Experimental characterization and molecular dynamics simulation of the allosteric transition in the Escherichia coli lactose repressor
Matthews, Kathleen S.
Doctor of Philosophy
The lactose repressor protein (LacI), a prototypic negative transcriptional regulator in E. coli, relies on an allosteric conformational change for its function. Targeted molecular dynamics (TMD) simulation of this LacI transition predicts that residues located in/near the inducer binding pocket, especially D149 and S193, play a critical role in the early stage of this allosteric process. Single mutants at D149 and S193, characterized by a series of biochemical and biophysical experiments, present limited information about LacI allostery. In contrast, double mutants are much more informative: D149A/S193A exhibits wild-type properties, which exclude the requirement for inter-residue hydrogen bond formation in the allosteric response. However, D149C/S193C purified from cell extracts shows decreased sensitivity to inducer binding, while retaining wild-type binding affinities for both operator and inducer. By manipulating cysteine oxidation, the more reduced state of D149C/S193C responds to inducer more similarly to wild-type protein, whereas the more oxidized state displays diminished inducer sensitivity. D149C/S193C exhibits near wild-type binding parameters for operator DNA and inducer, with comparable rate constants for binding to IPTG and dissociation from operator DNA. These features of D149C/S193C indicate that the novel disulfide bond formed in this mutant impedes the allosteric transition, consistent with the role of this region predicted by TMD simulation. V150C/V192C displays wild-type binding properties, presumably due to its reduced state. Interestingly, S151C/V192C in a partially oxidized state displays wild-type DNA and IPTG binding affinities, and retains normal response to IPTG binding. These data suggest that mobility of the entire flexible loop (residues 149-156) may not be the crucial element for Lad allosteric regulation.
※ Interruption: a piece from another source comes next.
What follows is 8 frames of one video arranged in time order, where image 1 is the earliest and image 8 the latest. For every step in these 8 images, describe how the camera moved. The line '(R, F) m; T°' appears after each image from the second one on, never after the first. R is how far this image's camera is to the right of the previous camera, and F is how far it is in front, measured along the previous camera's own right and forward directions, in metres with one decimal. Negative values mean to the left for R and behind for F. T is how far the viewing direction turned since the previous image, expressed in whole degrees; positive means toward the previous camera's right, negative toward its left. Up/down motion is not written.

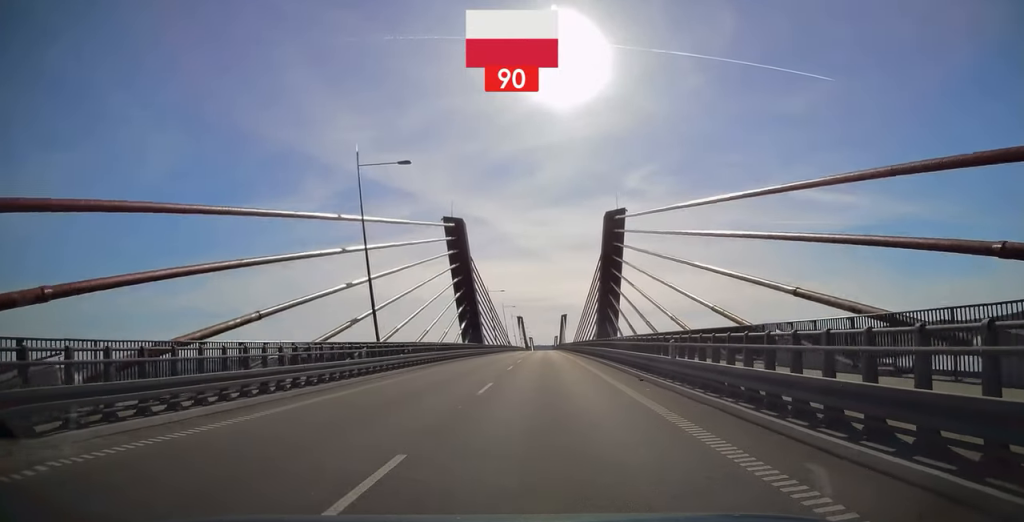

Further, a molecular dynamics simulation method was used to probe the motions that are necessary for the conformational change in LacI. The results of this simulation indicate that the backbone of residue 149 is the feature that may play a critical role in LacI allosteric regulation. In summary, biochemical characterization and computational simulation of multiple LacI mutants provide evidence for the functional roles of specific residues (and their interaction) and shed light on LacI allostery.